Бисмарк ел и пил, но… как пил! Жена сказала:

– Отто, ты же сам знаешь, что врачи не велят тебе увлекаться выпивкой. Пожалей свою печень ради меня и детей.

– А, врачи… лицемеры! – воскликнул канцлер. – Если я не хлопну три стакана мозель-муссё, я вообще испытываю отвращение к политике. Что делать? Приходится жертвовать здоровьем ради великой Германии… Энгель, где фазан?

Статс-секретарю Бюлову он отрезал жирный огузок:

– Все Бюловы, каких я знал, умные люди… Ешьте!

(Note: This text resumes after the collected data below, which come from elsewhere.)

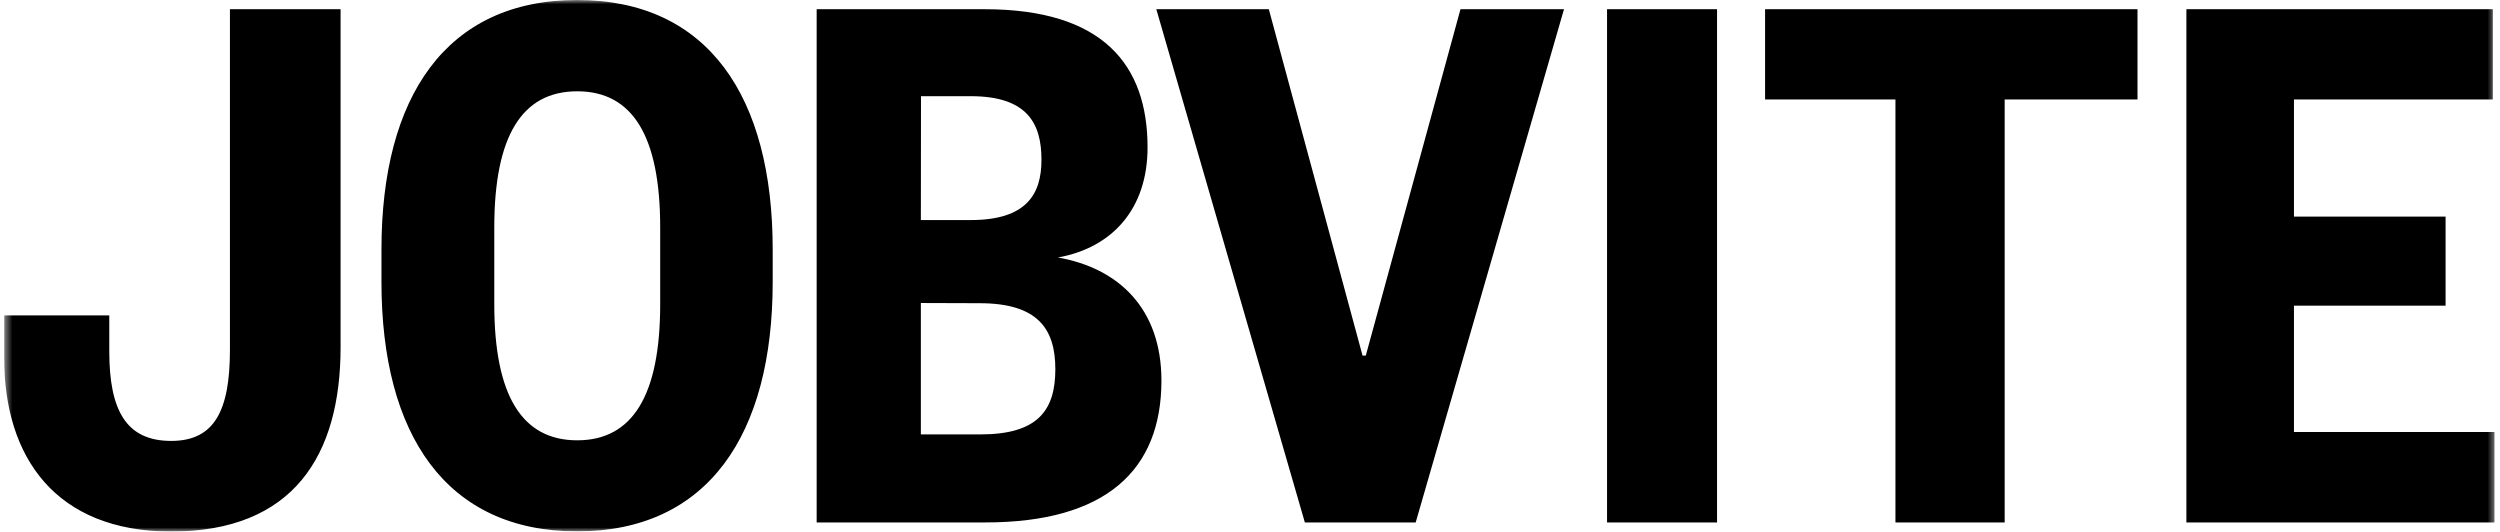 <svg width="301" height="64" viewBox="0 0 301 64" fill="none" xmlns="http://www.w3.org/2000/svg">
<g clip-path="url(#clip0_219_3008)">
<mask id="mask0_219_3008" style="mask-type:luminance" maskUnits="userSpaceOnUse" x="0" y="0" width="301" height="64">
<path d="M300.5 0H0.5V64H300.5V0Z" fill="white"/>
</mask>
<g mask="url(#mask0_219_3008)">
<path d="M41.006 1.11V41.805C41.006 54.856 35.313 64 20.592 64C6.681 63.978 0.5 55.05 0.5 43.081V37.976H13.157V42.293C13.157 49.457 15.221 53.086 20.614 53.086C25.819 53.086 27.684 49.457 27.684 42.099V1.11H41.006ZM93.032 33.953C93.032 52.303 85.264 63.978 69.483 63.978C53.702 63.978 45.928 52.325 45.928 33.953V30.03C45.928 11.68 53.68 0 69.483 0C85.286 0 93.032 11.68 93.032 30.03V33.953ZM79.487 27.378C79.487 16.386 76.158 10.992 69.499 10.992C62.841 10.992 59.512 16.386 59.512 27.378V36.622C59.512 47.614 62.841 53.013 69.499 53.013C76.158 53.013 79.487 47.614 79.487 36.622V27.378ZM118.64 62.901H98.326V1.11H118.545C132.773 1.11 138.166 7.768 138.166 17.756C138.166 25.114 133.949 29.825 127.374 31.001C134.637 32.277 139.836 37.105 139.836 45.822C139.836 56.598 133.167 62.901 118.64 62.901ZM110.871 26.496H116.859C123.628 26.496 125.393 23.355 125.393 19.232C125.393 14.793 123.628 11.58 116.859 11.58H110.888L110.871 26.496ZM110.871 36.483V52.303H118.035C124.904 52.303 127.063 49.457 127.063 44.452C127.063 39.546 124.904 36.506 117.935 36.506L110.871 36.483ZM157.104 62.901L139.22 1.11H152.765L164.051 42.815H164.44L175.842 1.11H188.305L170.449 62.901H157.104ZM206.733 1.11V62.901H193.488V1.11H206.733ZM228.212 62.901V11.974H212.515V1.11H257.355V11.974H241.363V62.901H228.212ZM300.336 62.901H263.242V1.11H300.136V11.974H276.193V26.079H294.448V36.8H276.193V52.009H300.336V62.901Z" fill="black"/>
</g>
</g>
<defs>
<clipPath id="clip0_219_3008">
<rect width="300" height="64" fill="white" transform="translate(0.5)"/>
</clipPath>
</defs>
</svg>

«Когда принесли блюдо с гусем, – писал очевидец, – канцлера заставили съесть такое количество, что он уже задыхался, после чего последовала жареная утка…» Под окнами его дома прошагал с песнями очередной «факелцуг» германской молодежи, и Бисмарк воспринял как должное выкрики с улицы:

– Гер-ма-ния превыше всего… Хох, канцлер!

В ряд с солдатскими колоннами по немецким землям маршировали ферейны – спортивные, певческие и охотничьи, на тирольских шляпах вызывающе торчали петушиные перья. Немцев было легко организовывать: по первому сигналу трубы они вставали под знамена землячеств, уже в прочной обуви, с рюкзаками за плечами, имея сбоку баклагу с пивом и сверток с бутербродами. Заняв место в строю, пруссак заводил патриотическую песню и ждал только одного – команды, чтобы маршировать, куда укажет начальство… Все заправилы германского мира (от первых курфюрстов и до Гитлера) всегда умело использовали в своих целях это бесподобное умение немцев сплачиваться в колонны и подчиняться приказам свыше.

«Германия, куда ж ты идешь, Германия?..»

Пангерманизм – предтеча фашизма – при Бисмарке набирал силу. Начиная с пышных кафедр университетов и кончая бедными сельскими школами, в головы немцев усердно вдалбливали: «Величайшие в истории подвиги – немецкие, знаменитые творения резца и кисти – германские, Берлин – красивейший город мира, все великие изобретения – наши, самые лучшие гимнасты – немецкие, наши наука и промышленность – передовые, самые толковые рабочие – немцы. Мы имеем прекрасную армию, с прусским лейтенантом никто не сравнится! Германский офицерский корпус – вот в чем наша главная сила, и поэтому никто в Европе не посмеет с Германией состязаться…»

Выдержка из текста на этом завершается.